Data provided:
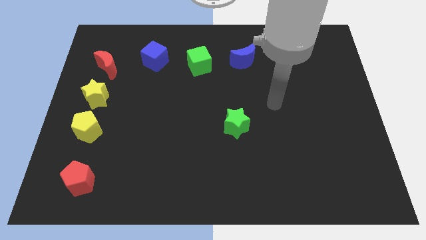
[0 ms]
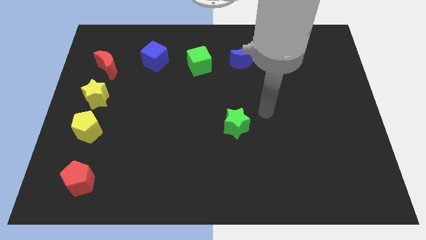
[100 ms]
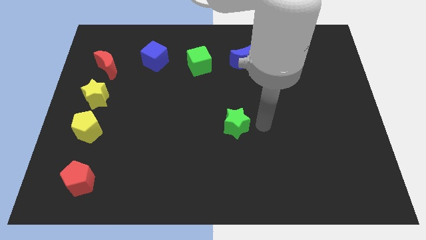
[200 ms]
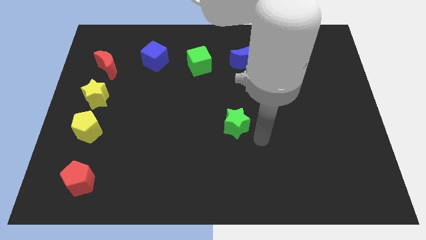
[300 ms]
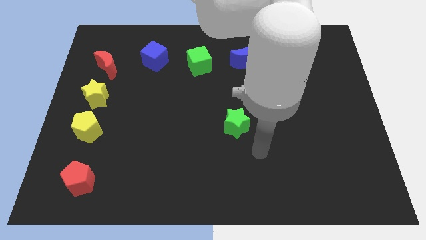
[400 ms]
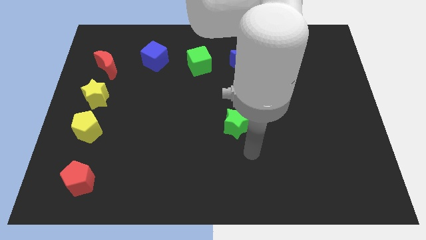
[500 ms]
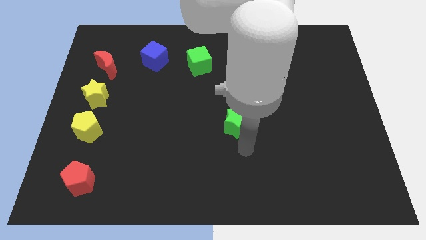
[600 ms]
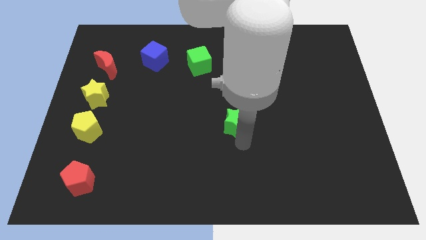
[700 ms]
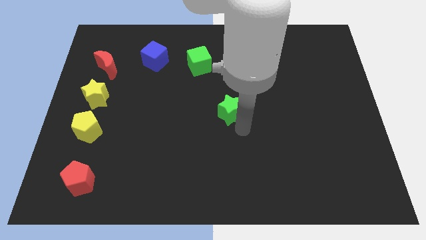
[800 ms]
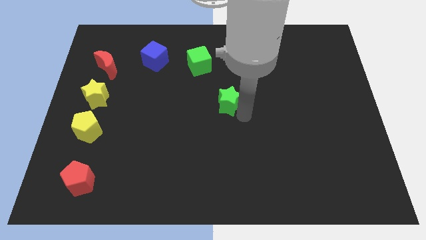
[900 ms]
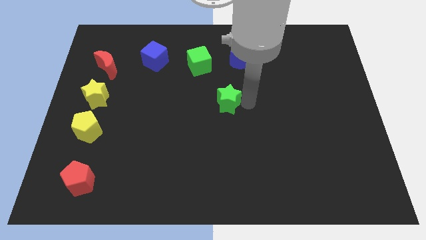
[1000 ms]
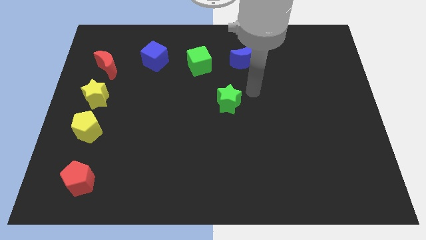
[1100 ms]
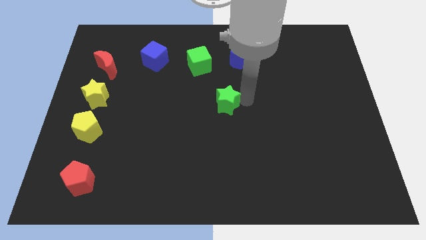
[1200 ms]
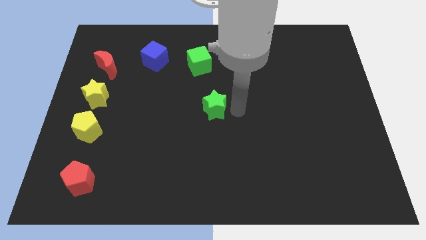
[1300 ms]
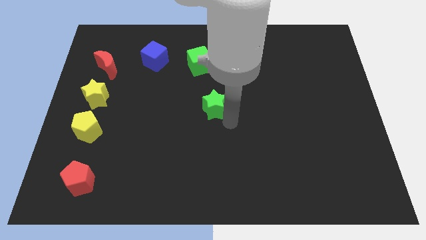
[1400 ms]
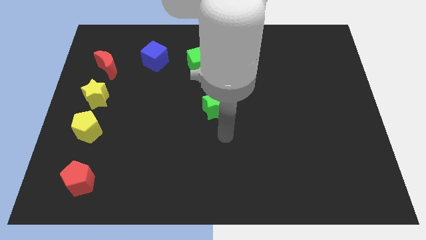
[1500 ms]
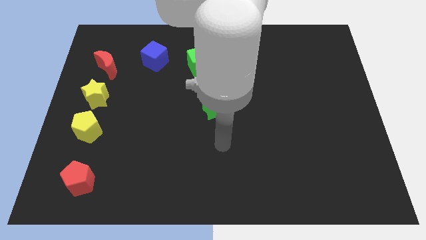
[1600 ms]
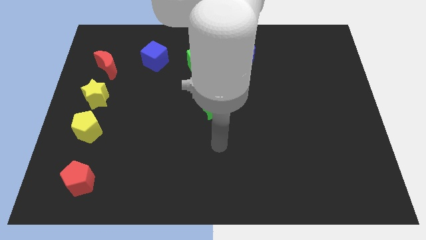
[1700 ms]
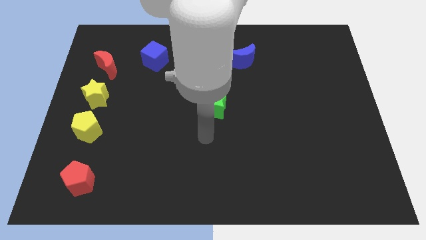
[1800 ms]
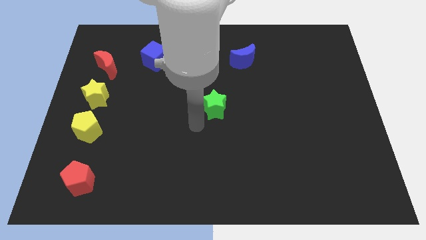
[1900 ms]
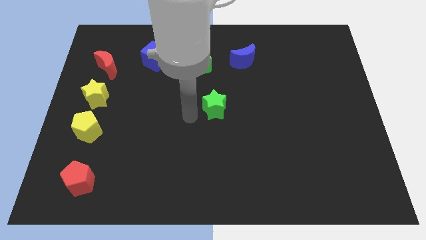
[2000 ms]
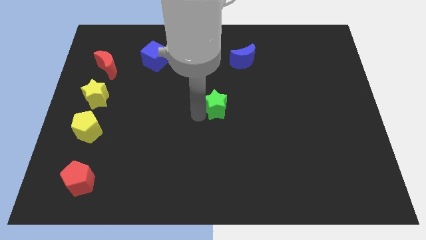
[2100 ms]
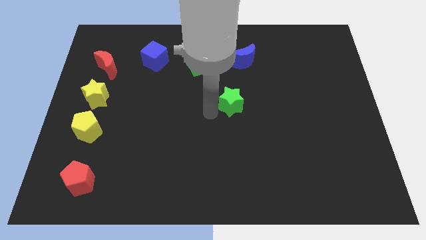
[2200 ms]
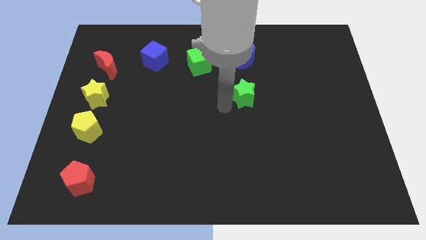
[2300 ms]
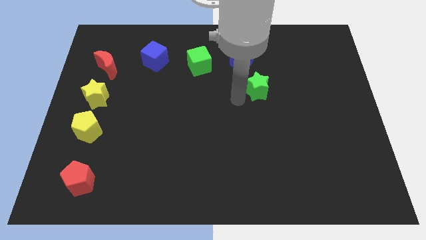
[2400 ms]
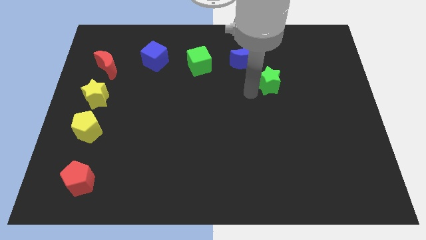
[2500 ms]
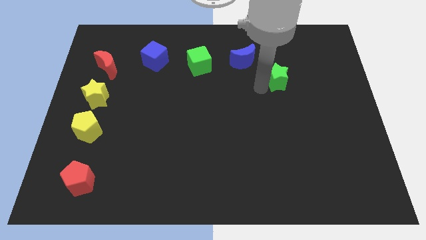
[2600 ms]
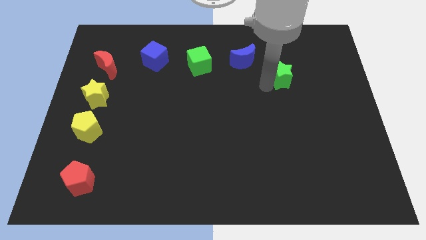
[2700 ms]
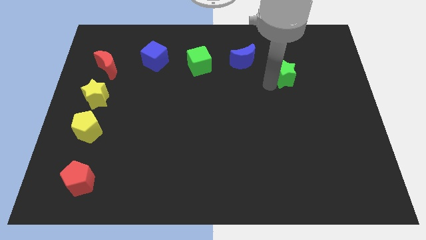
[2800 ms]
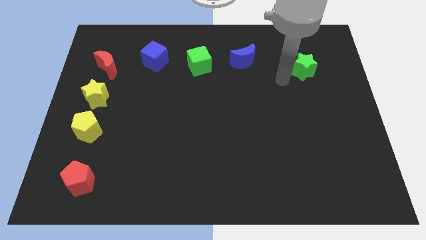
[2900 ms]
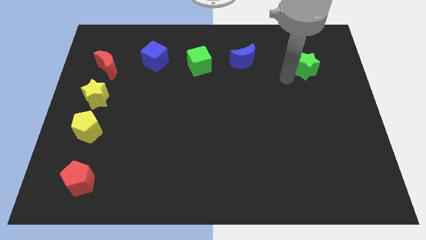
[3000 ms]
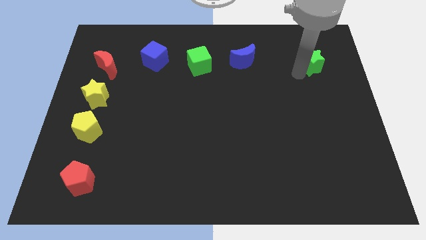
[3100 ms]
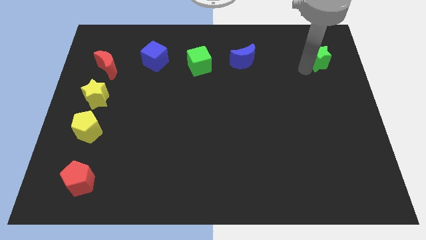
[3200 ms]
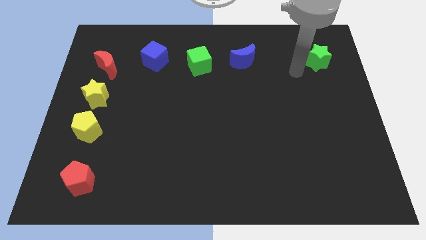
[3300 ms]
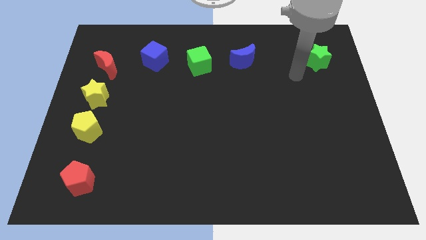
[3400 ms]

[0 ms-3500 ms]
place the green star to the right of the blue moon

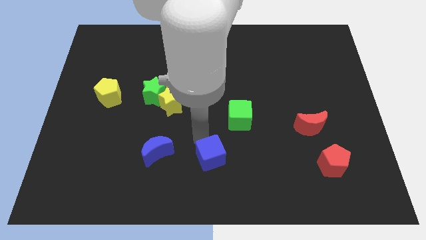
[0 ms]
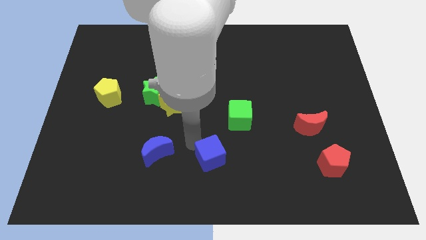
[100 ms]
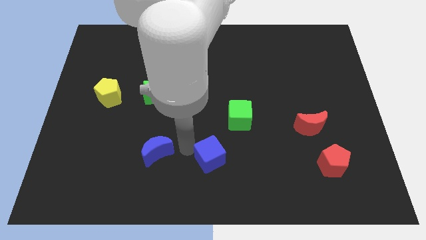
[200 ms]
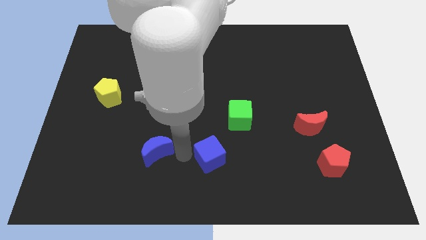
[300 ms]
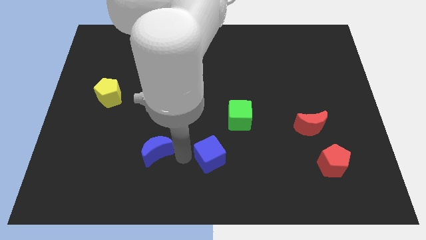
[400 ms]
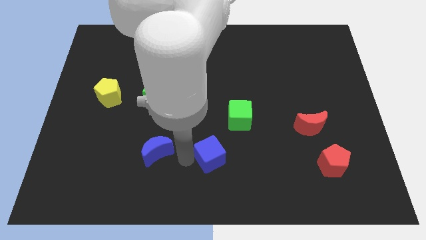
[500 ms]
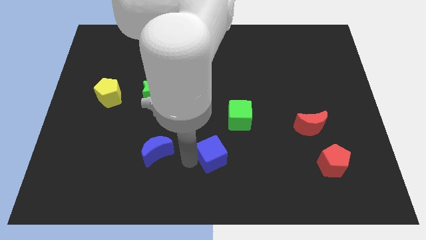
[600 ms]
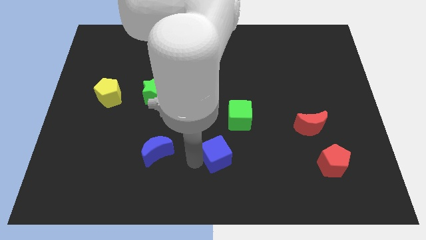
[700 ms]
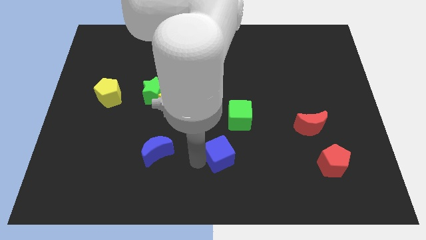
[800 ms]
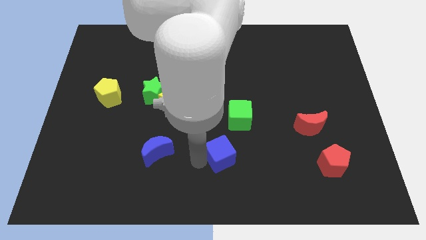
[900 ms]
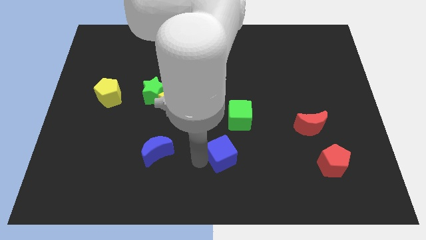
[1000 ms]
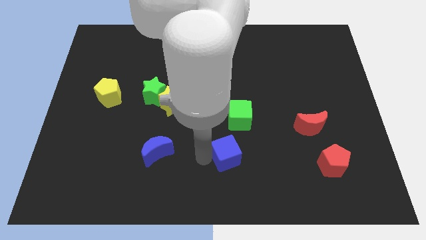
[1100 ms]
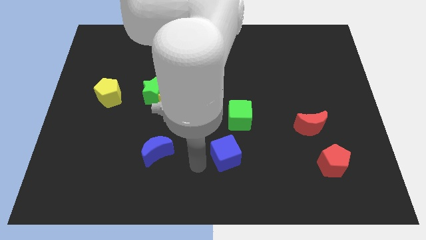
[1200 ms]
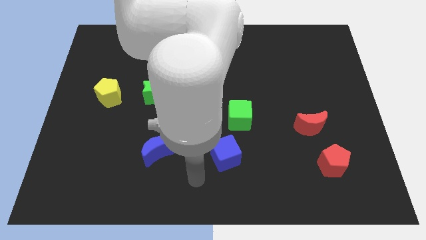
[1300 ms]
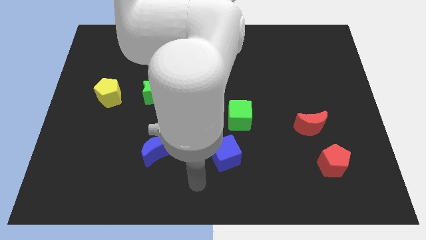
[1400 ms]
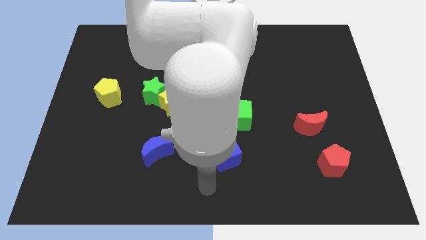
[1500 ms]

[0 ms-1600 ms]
place blue cube to the bottom left of green cube

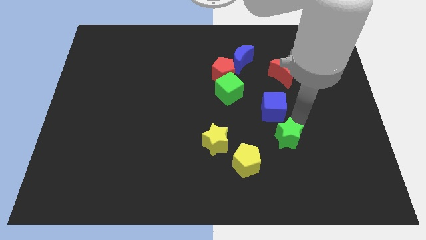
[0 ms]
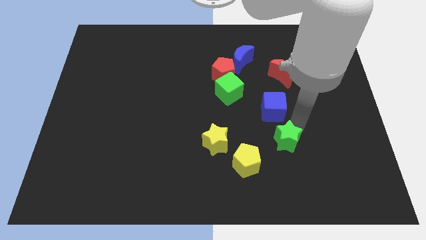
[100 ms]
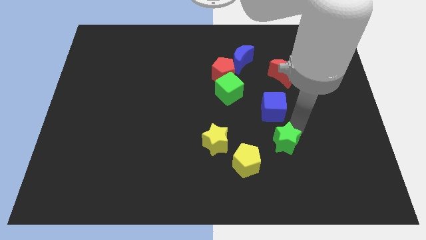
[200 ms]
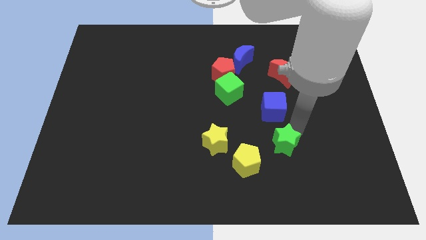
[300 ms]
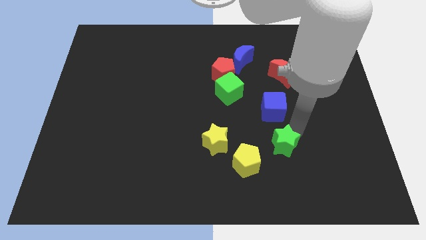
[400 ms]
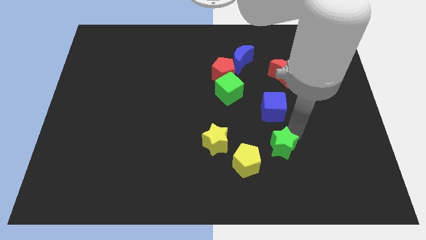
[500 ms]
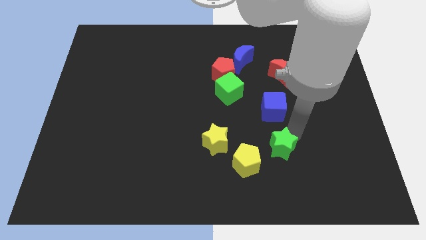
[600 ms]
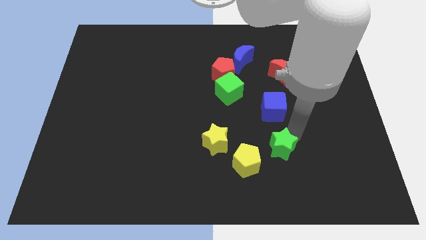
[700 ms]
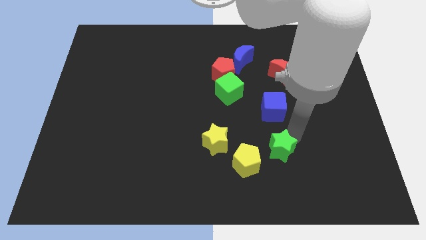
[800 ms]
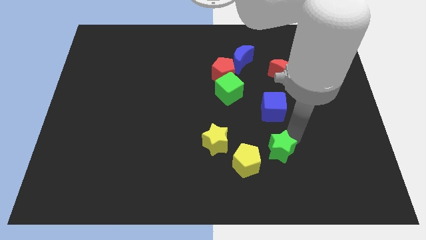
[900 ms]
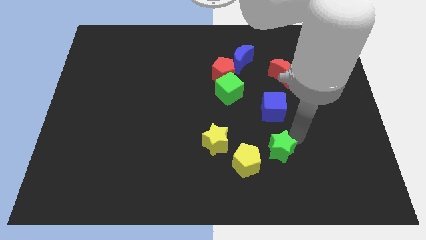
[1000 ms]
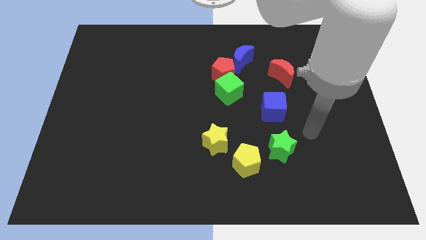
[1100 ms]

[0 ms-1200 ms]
put the green star vertically below the blue cube

Task statement: Output a precise copy of the entries, leaving the images out.

Result of the exercise:
[0 ms]
[100 ms]
[200 ms]
[300 ms]
[400 ms]
[500 ms]
[600 ms]
[700 ms]
[800 ms]
[900 ms]
[1000 ms]
[1100 ms]
[1200 ms]
[1300 ms]
[1400 ms]
[1500 ms]
[1600 ms]
[1700 ms]
[1800 ms]
[1900 ms]
[2000 ms]
[2100 ms]
[2200 ms]
[2300 ms]
[2400 ms]
[2500 ms]
[2600 ms]
[2700 ms]
[2800 ms]
[2900 ms]
[3000 ms]
[3100 ms]
[3200 ms]
[3300 ms]
[3400 ms]

[0 ms-3500 ms]
place the green star to the right of the blue moon

[0 ms]
[100 ms]
[200 ms]
[300 ms]
[400 ms]
[500 ms]
[600 ms]
[700 ms]
[800 ms]
[900 ms]
[1000 ms]
[1100 ms]
[1200 ms]
[1300 ms]
[1400 ms]
[1500 ms]

[0 ms-1600 ms]
place blue cube to the bottom left of green cube

[0 ms]
[100 ms]
[200 ms]
[300 ms]
[400 ms]
[500 ms]
[600 ms]
[700 ms]
[800 ms]
[900 ms]
[1000 ms]
[1100 ms]

[0 ms-1200 ms]
put the green star vertically below the blue cube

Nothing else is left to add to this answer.